▶ [Your task]: Copy out the records in full, word for word, without pictures.

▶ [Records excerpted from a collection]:
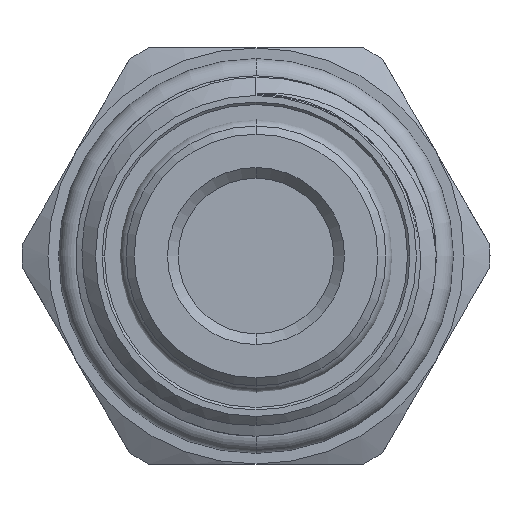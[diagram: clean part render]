
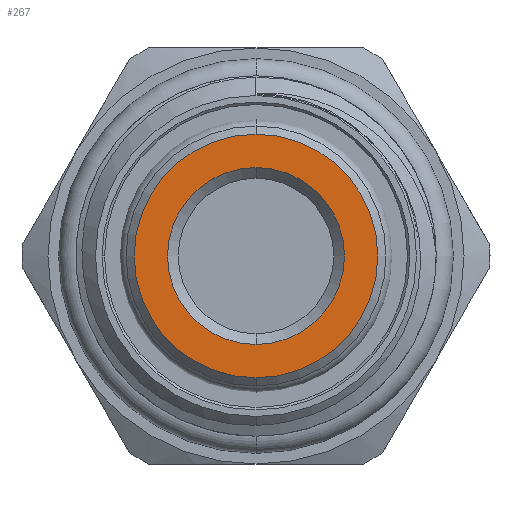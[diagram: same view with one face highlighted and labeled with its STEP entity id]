
A CAD part, front view. The second image highlights one B-rep face of the part: STEP entity #267.
In plain terms, the highlighted planar face has unit normal (0, -1, 0).
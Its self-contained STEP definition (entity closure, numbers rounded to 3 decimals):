
#19 = VERTEX_POINT ( 'NONE', #2477 ) ;
#56 = CARTESIAN_POINT ( 'NONE',  ( 0., -39.9, 5.4 ) ) ;
#188 = CARTESIAN_POINT ( 'NONE',  ( 0., -39.9, 0. ) ) ;
#218 = FACE_OUTER_BOUND ( 'NONE', #1961, .T. ) ;
#267 = ADVANCED_FACE ( 'NONE', ( #218, #3022 ), #3147, .F. ) ;
#522 = ORIENTED_EDGE ( 'NONE', *, *, #1623, .T. ) ;
#646 = AXIS2_PLACEMENT_3D ( 'NONE', #3357, #1062, #3882 ) ;
#938 = CARTESIAN_POINT ( 'NONE',  ( 0., -39.9, -5.4 ) ) ;
#1062 = DIRECTION ( 'NONE',  ( 0., -1., 0. ) ) ;
#1207 = CIRCLE ( 'NONE', #2288, 7.435 ) ;
#1264 = CIRCLE ( 'NONE', #2305, 7.435 ) ;
#1274 = VERTEX_POINT ( 'NONE', #4992 ) ;
#1387 = DIRECTION ( 'NONE',  ( 0., 0., -1. ) ) ;
#1391 = ORIENTED_EDGE ( 'NONE', *, *, #2924, .T. ) ;
#1511 = CARTESIAN_POINT ( 'NONE',  ( 0., -39.9, 0. ) ) ;
#1579 = DIRECTION ( 'NONE',  ( 0., 1., 0. ) ) ;
#1623 = EDGE_CURVE ( 'NONE', #1274, #19, #1207, .T. ) ;
#1937 = DIRECTION ( 'NONE',  ( 0., 0., -1. ) ) ;
#1961 = EDGE_LOOP ( 'NONE', ( #1391, #522 ) ) ;
#1981 = VERTEX_POINT ( 'NONE', #938 ) ;
#2288 = AXIS2_PLACEMENT_3D ( 'NONE', #188, #2977, #1387 ) ;
#2305 = AXIS2_PLACEMENT_3D ( 'NONE', #4393, #2384, #1937 ) ;
#2384 = DIRECTION ( 'NONE',  ( 0., -1., 0. ) ) ;
#2477 = CARTESIAN_POINT ( 'NONE',  ( 0., -39.9, 7.435 ) ) ;
#2502 = ORIENTED_EDGE ( 'NONE', *, *, #4172, .F. ) ;
#2562 = EDGE_LOOP ( 'NONE', ( #5078, #2502 ) ) ;
#2721 = CARTESIAN_POINT ( 'NONE',  ( 0., -39.9, 0. ) ) ;
#2812 = CIRCLE ( 'NONE', #2890, 5.4 ) ;
#2817 = CIRCLE ( 'NONE', #646, 5.4 ) ;
#2868 = DIRECTION ( 'NONE',  ( 0., -1., 0. ) ) ;
#2890 = AXIS2_PLACEMENT_3D ( 'NONE', #1511, #2868, #3177 ) ;
#2924 = EDGE_CURVE ( 'NONE', #19, #1274, #1264, .T. ) ;
#2977 = DIRECTION ( 'NONE',  ( 0., -1., 0. ) ) ;
#3022 = FACE_BOUND ( 'NONE', #2562, .T. ) ;
#3147 = PLANE ( 'NONE',  #4747 ) ;
#3177 = DIRECTION ( 'NONE',  ( 0., 0., -1. ) ) ;
#3357 = CARTESIAN_POINT ( 'NONE',  ( 0., -39.9, 0. ) ) ;
#3882 = DIRECTION ( 'NONE',  ( 0., 0., -1. ) ) ;
#3926 = EDGE_CURVE ( 'NONE', #1981, #5116, #2817, .T. ) ;
#4172 = EDGE_CURVE ( 'NONE', #5116, #1981, #2812, .T. ) ;
#4393 = CARTESIAN_POINT ( 'NONE',  ( 0., -39.9, 0. ) ) ;
#4747 = AXIS2_PLACEMENT_3D ( 'NONE', #2721, #1579, #4849 ) ;
#4849 = DIRECTION ( 'NONE',  ( 0., 0., 1. ) ) ;
#4992 = CARTESIAN_POINT ( 'NONE',  ( 0., -39.9, -7.435 ) ) ;
#5078 = ORIENTED_EDGE ( 'NONE', *, *, #3926, .F. ) ;
#5116 = VERTEX_POINT ( 'NONE', #56 ) ;

▶ [Written reply]:
[diagram: clean part render]
[diagram: same view with one face highlighted and labeled with its STEP entity id]
A CAD part, front view. The second image highlights one B-rep face of the part: STEP entity #267.
In plain terms, the highlighted planar face has unit normal (0, -1, 0).
Its self-contained STEP definition (entity closure, numbers rounded to 3 decimals):
#19 = VERTEX_POINT ( 'NONE', #2477 ) ;
#56 = CARTESIAN_POINT ( 'NONE',  ( 0., -39.9, 5.4 ) ) ;
#188 = CARTESIAN_POINT ( 'NONE',  ( 0., -39.9, 0. ) ) ;
#218 = FACE_OUTER_BOUND ( 'NONE', #1961, .T. ) ;
#267 = ADVANCED_FACE ( 'NONE', ( #218, #3022 ), #3147, .F. ) ;
#522 = ORIENTED_EDGE ( 'NONE', *, *, #1623, .T. ) ;
#646 = AXIS2_PLACEMENT_3D ( 'NONE', #3357, #1062, #3882 ) ;
#938 = CARTESIAN_POINT ( 'NONE',  ( 0., -39.9, -5.4 ) ) ;
#1062 = DIRECTION ( 'NONE',  ( 0., -1., 0. ) ) ;
#1207 = CIRCLE ( 'NONE', #2288, 7.435 ) ;
#1264 = CIRCLE ( 'NONE', #2305, 7.435 ) ;
#1274 = VERTEX_POINT ( 'NONE', #4992 ) ;
#1387 = DIRECTION ( 'NONE',  ( 0., 0., -1. ) ) ;
#1391 = ORIENTED_EDGE ( 'NONE', *, *, #2924, .T. ) ;
#1511 = CARTESIAN_POINT ( 'NONE',  ( 0., -39.9, 0. ) ) ;
#1579 = DIRECTION ( 'NONE',  ( 0., 1., 0. ) ) ;
#1623 = EDGE_CURVE ( 'NONE', #1274, #19, #1207, .T. ) ;
#1937 = DIRECTION ( 'NONE',  ( 0., 0., -1. ) ) ;
#1961 = EDGE_LOOP ( 'NONE', ( #1391, #522 ) ) ;
#1981 = VERTEX_POINT ( 'NONE', #938 ) ;
#2288 = AXIS2_PLACEMENT_3D ( 'NONE', #188, #2977, #1387 ) ;
#2305 = AXIS2_PLACEMENT_3D ( 'NONE', #4393, #2384, #1937 ) ;
#2384 = DIRECTION ( 'NONE',  ( 0., -1., 0. ) ) ;
#2477 = CARTESIAN_POINT ( 'NONE',  ( 0., -39.9, 7.435 ) ) ;
#2502 = ORIENTED_EDGE ( 'NONE', *, *, #4172, .F. ) ;
#2562 = EDGE_LOOP ( 'NONE', ( #5078, #2502 ) ) ;
#2721 = CARTESIAN_POINT ( 'NONE',  ( 0., -39.9, 0. ) ) ;
#2812 = CIRCLE ( 'NONE', #2890, 5.4 ) ;
#2817 = CIRCLE ( 'NONE', #646, 5.4 ) ;
#2868 = DIRECTION ( 'NONE',  ( 0., -1., 0. ) ) ;
#2890 = AXIS2_PLACEMENT_3D ( 'NONE', #1511, #2868, #3177 ) ;
#2924 = EDGE_CURVE ( 'NONE', #19, #1274, #1264, .T. ) ;
#2977 = DIRECTION ( 'NONE',  ( 0., -1., 0. ) ) ;
#3022 = FACE_BOUND ( 'NONE', #2562, .T. ) ;
#3147 = PLANE ( 'NONE',  #4747 ) ;
#3177 = DIRECTION ( 'NONE',  ( 0., 0., -1. ) ) ;
#3357 = CARTESIAN_POINT ( 'NONE',  ( 0., -39.9, 0. ) ) ;
#3882 = DIRECTION ( 'NONE',  ( 0., 0., -1. ) ) ;
#3926 = EDGE_CURVE ( 'NONE', #1981, #5116, #2817, .T. ) ;
#4172 = EDGE_CURVE ( 'NONE', #5116, #1981, #2812, .T. ) ;
#4393 = CARTESIAN_POINT ( 'NONE',  ( 0., -39.9, 0. ) ) ;
#4747 = AXIS2_PLACEMENT_3D ( 'NONE', #2721, #1579, #4849 ) ;
#4849 = DIRECTION ( 'NONE',  ( 0., 0., 1. ) ) ;
#4992 = CARTESIAN_POINT ( 'NONE',  ( 0., -39.9, -7.435 ) ) ;
#5078 = ORIENTED_EDGE ( 'NONE', *, *, #3926, .F. ) ;
#5116 = VERTEX_POINT ( 'NONE', #56 ) ;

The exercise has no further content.